▶ [SOURCE MATERIAL]
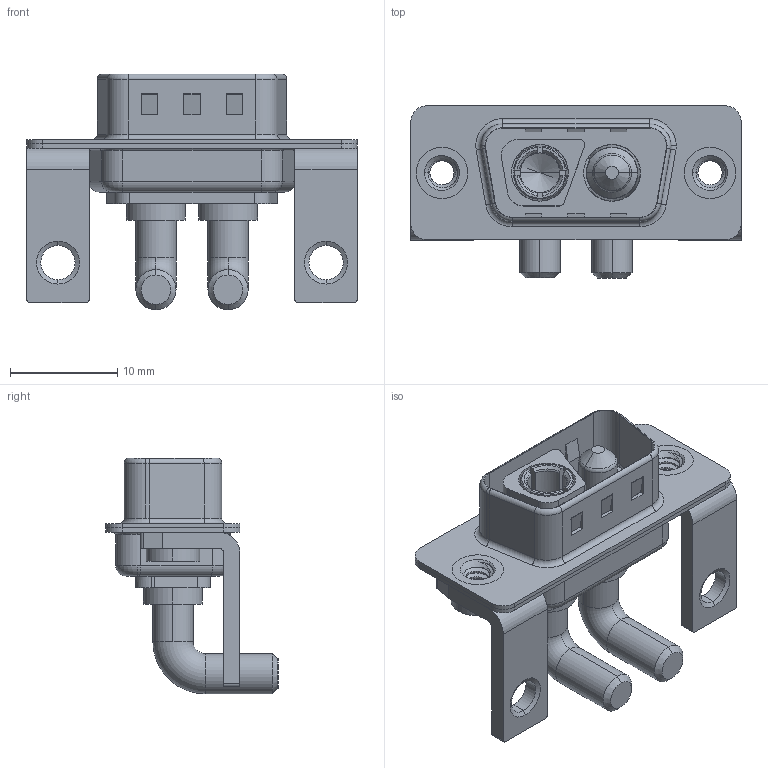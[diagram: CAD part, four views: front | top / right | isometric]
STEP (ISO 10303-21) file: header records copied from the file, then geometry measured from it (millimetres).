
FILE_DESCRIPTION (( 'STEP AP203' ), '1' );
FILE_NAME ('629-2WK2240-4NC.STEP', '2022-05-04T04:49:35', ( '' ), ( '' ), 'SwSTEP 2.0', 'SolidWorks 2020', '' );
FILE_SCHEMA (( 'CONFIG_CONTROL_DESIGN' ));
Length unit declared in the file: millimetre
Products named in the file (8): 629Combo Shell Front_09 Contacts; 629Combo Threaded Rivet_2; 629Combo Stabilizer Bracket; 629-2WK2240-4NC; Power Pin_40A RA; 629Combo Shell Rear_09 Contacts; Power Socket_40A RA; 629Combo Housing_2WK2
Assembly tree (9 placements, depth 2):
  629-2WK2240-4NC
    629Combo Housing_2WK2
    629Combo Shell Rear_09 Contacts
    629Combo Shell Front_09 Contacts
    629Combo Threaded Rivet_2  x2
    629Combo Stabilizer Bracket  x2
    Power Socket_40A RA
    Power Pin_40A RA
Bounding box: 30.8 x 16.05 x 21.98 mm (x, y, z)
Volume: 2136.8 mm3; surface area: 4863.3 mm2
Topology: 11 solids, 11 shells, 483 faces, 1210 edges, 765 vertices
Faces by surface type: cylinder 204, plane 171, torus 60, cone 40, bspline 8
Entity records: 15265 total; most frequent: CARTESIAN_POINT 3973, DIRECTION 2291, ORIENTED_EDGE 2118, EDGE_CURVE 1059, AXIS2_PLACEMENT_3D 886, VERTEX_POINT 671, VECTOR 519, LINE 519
---
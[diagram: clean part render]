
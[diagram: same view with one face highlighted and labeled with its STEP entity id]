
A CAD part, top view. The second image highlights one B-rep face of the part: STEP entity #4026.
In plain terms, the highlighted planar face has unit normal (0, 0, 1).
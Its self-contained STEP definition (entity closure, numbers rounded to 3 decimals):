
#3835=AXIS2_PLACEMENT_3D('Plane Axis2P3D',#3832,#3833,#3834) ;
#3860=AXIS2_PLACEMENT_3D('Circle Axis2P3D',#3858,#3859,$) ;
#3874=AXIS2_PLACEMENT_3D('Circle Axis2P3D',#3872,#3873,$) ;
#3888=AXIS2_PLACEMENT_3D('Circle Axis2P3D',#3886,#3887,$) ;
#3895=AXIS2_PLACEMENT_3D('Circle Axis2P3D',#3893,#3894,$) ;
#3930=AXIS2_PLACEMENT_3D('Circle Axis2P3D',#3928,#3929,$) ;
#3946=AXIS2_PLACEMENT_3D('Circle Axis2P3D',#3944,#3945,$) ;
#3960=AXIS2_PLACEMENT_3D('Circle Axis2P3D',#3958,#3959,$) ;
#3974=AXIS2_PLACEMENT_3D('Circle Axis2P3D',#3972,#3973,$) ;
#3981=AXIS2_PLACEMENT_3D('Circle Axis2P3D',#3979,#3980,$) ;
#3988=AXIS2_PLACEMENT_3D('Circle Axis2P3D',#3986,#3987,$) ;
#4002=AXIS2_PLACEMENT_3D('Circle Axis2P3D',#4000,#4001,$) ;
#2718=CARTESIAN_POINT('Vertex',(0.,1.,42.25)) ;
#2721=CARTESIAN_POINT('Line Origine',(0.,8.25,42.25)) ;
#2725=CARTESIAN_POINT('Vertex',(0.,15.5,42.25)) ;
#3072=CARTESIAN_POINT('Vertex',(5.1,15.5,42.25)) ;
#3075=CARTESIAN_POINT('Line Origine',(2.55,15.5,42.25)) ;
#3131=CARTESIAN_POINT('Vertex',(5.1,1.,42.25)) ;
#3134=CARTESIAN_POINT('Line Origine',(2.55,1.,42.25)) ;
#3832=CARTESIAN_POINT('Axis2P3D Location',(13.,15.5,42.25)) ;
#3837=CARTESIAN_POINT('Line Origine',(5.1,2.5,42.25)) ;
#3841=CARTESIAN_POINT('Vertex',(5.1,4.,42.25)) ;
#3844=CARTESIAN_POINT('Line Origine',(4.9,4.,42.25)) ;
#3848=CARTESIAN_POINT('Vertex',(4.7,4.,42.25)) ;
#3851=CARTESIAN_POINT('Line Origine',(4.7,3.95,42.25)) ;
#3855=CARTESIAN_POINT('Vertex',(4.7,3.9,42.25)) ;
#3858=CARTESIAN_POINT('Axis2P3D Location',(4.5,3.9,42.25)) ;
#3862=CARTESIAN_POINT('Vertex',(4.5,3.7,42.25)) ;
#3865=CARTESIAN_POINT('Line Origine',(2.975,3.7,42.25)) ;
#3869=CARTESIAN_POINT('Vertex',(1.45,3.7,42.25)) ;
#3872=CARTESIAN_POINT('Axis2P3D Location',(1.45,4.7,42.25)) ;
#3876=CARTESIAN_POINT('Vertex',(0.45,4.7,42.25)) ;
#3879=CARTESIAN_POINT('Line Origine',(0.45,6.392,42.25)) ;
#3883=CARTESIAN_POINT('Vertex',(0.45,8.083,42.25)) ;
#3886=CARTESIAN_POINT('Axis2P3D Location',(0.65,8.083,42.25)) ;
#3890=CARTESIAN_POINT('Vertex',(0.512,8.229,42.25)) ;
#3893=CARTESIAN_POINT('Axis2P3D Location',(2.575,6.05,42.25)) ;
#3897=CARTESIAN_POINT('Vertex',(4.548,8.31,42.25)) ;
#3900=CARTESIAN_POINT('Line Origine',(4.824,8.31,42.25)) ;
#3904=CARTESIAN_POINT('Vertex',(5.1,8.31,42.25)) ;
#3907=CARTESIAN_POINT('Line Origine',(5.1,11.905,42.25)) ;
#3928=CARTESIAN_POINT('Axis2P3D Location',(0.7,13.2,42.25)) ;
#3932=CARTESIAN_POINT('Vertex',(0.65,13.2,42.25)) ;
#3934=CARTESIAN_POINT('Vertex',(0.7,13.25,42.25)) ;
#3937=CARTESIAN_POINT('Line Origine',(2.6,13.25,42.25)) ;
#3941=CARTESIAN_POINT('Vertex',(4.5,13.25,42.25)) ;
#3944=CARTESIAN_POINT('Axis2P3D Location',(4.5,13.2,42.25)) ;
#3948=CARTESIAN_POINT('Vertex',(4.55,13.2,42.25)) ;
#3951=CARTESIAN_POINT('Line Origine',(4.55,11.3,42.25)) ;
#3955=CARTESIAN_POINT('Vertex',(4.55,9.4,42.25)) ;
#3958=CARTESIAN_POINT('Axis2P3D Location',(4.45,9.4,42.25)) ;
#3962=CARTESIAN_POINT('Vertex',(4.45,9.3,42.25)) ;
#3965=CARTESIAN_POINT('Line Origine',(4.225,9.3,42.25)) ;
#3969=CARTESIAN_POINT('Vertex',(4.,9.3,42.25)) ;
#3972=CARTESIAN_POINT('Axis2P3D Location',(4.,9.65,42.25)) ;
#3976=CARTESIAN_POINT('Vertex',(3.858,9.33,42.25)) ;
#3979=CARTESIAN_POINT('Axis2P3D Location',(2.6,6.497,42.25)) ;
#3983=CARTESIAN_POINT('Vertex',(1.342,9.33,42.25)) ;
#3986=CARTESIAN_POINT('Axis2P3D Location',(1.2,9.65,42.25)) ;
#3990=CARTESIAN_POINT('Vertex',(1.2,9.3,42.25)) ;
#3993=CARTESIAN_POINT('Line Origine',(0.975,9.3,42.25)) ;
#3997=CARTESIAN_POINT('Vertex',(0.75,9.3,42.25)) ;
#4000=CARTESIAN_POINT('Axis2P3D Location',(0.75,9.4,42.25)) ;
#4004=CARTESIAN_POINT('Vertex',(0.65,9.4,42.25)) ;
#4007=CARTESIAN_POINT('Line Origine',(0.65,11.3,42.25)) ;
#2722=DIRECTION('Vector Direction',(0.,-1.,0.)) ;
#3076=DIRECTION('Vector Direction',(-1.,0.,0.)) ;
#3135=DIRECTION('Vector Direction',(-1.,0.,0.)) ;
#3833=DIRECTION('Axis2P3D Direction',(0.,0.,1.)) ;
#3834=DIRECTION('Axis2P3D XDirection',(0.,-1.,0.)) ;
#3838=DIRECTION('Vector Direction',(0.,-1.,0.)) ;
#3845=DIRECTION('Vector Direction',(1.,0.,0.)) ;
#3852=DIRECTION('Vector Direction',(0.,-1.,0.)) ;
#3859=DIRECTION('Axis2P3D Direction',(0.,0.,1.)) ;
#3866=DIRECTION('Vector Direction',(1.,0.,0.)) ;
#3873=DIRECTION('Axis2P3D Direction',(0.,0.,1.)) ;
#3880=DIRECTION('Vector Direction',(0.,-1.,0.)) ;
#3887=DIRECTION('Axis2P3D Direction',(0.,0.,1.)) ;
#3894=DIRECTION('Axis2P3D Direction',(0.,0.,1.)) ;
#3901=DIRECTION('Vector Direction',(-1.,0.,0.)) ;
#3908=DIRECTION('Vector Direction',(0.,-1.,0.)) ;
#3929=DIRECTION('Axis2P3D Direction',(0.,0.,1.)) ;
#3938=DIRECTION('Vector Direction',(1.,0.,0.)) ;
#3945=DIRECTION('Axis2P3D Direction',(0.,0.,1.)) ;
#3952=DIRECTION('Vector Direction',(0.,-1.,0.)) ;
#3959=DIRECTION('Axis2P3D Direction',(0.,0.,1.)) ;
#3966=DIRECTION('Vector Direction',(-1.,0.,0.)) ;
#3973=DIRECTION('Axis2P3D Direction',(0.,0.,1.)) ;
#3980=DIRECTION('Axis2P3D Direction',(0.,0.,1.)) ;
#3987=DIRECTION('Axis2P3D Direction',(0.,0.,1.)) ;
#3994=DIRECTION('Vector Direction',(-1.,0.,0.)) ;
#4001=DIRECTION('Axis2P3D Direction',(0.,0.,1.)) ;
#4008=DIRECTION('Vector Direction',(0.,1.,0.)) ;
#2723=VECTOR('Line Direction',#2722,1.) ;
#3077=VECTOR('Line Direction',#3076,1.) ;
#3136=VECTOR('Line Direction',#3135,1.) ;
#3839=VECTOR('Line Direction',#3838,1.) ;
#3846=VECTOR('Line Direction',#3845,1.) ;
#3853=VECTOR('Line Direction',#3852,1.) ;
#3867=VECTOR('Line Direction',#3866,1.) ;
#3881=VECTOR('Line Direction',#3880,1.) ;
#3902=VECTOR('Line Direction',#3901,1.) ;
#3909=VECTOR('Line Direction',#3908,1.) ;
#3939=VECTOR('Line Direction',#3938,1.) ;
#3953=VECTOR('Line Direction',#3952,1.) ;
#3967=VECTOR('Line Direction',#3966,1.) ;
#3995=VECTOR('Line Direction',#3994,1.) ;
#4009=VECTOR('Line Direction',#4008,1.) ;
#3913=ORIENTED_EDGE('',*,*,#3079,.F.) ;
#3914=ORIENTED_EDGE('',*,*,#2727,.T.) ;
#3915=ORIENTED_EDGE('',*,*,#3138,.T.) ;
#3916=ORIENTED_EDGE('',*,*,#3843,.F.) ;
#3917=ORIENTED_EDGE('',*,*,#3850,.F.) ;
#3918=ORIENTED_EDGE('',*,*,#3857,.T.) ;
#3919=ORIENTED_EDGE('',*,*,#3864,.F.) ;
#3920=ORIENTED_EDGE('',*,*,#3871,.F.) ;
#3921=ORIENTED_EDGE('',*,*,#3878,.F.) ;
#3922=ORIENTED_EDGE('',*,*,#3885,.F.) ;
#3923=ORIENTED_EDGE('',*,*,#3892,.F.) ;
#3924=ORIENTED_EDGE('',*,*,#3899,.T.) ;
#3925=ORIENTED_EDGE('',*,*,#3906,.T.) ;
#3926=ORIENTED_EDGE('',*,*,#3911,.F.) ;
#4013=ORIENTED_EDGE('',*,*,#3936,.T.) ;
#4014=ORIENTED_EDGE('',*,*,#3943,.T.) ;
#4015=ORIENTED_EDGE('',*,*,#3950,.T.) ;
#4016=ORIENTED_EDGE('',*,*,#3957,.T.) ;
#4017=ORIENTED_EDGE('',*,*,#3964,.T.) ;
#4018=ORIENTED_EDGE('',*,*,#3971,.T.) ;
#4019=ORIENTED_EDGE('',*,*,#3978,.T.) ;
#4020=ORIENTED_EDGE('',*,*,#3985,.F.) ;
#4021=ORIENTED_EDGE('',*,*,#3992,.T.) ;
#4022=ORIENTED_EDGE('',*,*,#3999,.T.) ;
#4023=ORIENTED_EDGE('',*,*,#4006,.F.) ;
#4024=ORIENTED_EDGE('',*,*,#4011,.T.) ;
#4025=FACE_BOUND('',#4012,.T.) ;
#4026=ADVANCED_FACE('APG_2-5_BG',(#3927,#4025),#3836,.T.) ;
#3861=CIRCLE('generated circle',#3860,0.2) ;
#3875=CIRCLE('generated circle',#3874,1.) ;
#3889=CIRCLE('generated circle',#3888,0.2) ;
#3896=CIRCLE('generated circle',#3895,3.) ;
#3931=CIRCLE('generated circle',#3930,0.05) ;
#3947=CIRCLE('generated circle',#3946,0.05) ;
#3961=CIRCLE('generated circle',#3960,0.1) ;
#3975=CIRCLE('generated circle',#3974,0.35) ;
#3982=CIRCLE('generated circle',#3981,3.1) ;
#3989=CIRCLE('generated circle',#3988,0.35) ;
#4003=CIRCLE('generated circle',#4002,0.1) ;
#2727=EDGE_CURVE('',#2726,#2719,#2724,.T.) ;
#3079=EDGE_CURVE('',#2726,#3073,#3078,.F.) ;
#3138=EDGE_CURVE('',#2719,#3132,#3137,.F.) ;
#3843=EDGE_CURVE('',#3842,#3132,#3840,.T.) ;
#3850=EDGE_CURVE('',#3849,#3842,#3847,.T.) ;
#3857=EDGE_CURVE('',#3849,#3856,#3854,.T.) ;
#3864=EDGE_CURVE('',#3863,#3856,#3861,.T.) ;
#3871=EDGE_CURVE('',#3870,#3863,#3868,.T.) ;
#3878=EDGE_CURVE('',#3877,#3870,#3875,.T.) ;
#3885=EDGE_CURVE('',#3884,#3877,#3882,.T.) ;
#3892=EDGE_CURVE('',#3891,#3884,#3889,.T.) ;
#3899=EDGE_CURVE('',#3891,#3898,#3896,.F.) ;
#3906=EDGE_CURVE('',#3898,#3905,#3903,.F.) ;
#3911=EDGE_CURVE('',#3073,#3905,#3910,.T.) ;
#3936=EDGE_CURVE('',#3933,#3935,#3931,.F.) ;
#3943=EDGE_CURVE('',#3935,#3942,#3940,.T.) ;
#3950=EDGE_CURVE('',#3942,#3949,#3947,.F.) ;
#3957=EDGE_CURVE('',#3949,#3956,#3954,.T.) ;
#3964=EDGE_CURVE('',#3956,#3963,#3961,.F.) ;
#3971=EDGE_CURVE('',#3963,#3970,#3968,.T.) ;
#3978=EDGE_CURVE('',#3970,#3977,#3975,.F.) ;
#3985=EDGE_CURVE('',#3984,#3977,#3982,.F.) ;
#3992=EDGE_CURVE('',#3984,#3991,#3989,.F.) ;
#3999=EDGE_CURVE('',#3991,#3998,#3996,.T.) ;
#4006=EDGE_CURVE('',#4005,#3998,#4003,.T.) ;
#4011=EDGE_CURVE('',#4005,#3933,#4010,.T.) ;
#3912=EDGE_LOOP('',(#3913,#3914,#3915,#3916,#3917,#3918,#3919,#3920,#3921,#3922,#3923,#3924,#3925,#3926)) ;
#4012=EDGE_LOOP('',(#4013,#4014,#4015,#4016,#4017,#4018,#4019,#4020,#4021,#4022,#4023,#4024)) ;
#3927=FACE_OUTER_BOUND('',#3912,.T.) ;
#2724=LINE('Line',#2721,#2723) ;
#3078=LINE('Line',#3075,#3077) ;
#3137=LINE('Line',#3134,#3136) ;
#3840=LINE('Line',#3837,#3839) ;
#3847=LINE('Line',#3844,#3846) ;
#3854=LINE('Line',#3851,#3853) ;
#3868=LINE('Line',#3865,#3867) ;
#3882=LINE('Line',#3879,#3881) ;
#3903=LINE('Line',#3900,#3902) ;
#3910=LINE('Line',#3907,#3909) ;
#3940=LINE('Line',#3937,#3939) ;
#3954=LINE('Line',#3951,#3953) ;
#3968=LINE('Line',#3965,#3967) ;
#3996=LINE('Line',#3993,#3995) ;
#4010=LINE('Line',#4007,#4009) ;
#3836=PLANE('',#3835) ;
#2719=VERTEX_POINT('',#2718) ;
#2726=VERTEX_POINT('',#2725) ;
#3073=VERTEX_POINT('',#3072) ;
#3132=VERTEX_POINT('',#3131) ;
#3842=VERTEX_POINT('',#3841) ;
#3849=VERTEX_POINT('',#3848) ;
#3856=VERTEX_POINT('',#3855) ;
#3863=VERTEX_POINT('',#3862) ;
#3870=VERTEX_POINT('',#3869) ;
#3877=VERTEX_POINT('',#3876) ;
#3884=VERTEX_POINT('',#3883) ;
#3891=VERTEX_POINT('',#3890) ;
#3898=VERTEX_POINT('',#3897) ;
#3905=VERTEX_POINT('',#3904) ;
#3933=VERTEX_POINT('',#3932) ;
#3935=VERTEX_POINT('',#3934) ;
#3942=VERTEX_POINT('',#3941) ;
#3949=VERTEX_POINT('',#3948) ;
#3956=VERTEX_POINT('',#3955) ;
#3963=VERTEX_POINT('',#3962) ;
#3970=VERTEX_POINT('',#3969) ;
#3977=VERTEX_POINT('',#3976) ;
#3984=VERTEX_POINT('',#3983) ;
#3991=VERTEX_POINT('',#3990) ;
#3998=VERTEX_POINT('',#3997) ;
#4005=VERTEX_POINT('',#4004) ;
* * *
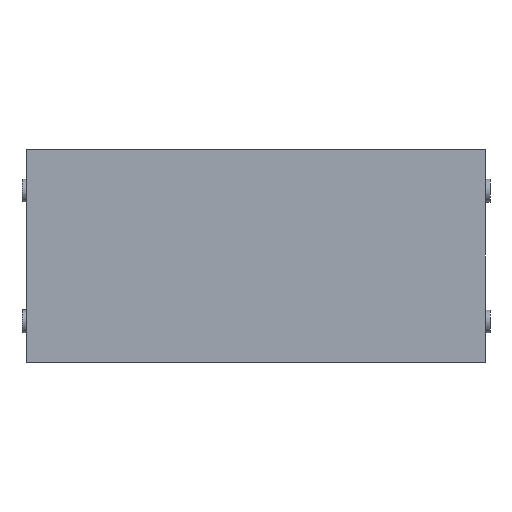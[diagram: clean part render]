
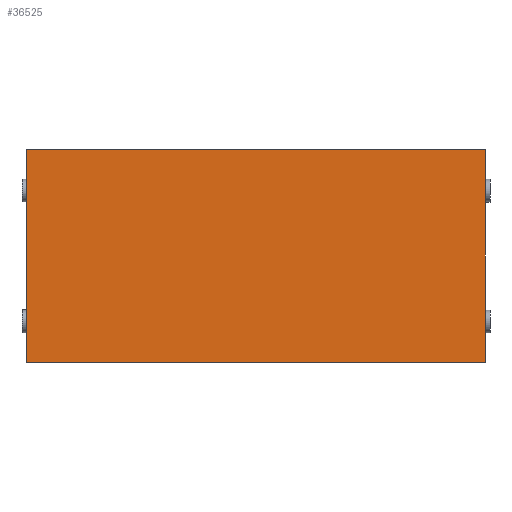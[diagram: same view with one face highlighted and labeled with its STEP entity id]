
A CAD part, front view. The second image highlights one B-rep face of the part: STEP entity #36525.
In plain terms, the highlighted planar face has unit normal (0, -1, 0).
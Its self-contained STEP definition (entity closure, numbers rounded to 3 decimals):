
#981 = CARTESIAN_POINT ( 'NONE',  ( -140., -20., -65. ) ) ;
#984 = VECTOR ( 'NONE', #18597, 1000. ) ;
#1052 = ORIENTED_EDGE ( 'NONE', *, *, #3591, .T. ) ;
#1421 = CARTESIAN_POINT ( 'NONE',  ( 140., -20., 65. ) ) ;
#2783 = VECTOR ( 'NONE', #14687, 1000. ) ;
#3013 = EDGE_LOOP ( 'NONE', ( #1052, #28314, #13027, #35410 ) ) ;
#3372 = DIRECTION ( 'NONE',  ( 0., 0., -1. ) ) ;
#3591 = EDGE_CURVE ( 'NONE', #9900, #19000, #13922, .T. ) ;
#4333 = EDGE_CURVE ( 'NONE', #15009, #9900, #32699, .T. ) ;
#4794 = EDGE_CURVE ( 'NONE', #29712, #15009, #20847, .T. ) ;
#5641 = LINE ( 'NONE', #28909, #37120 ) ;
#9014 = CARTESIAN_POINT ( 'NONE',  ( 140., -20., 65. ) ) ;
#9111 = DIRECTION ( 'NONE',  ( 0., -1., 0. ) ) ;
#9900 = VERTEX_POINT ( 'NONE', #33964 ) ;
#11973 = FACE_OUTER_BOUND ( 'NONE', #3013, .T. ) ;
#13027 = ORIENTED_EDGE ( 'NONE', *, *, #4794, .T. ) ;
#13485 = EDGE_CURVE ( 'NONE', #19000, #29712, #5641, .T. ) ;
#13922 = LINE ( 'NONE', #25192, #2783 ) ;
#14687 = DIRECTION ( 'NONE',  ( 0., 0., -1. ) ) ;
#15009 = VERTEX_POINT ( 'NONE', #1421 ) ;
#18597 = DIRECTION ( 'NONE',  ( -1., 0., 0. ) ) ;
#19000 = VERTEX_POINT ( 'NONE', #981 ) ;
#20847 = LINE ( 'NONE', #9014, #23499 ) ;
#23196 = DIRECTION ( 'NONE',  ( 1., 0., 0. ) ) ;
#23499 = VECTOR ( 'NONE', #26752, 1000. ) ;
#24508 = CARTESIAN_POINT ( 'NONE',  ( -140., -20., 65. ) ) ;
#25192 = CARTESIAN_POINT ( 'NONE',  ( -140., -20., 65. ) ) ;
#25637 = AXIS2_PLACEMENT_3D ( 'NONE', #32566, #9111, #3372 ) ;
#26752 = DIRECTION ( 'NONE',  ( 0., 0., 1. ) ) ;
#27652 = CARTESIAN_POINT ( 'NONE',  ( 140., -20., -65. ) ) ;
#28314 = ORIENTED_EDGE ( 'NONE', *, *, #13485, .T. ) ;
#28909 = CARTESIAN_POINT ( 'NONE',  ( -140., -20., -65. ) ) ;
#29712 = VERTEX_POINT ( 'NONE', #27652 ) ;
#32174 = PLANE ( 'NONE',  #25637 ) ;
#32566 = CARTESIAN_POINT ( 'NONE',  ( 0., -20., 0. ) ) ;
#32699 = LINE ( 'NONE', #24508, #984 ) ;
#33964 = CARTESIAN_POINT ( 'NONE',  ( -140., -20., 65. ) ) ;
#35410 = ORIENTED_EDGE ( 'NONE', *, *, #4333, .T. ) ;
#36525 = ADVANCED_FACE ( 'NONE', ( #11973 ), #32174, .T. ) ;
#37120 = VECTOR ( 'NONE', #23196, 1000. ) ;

▶ [WHAT THE TASK ASKS] What is needed is the number of lines in the data that contain "Stabilizer", given with nothing else.

▶ [THE COMPLETED TASK] 2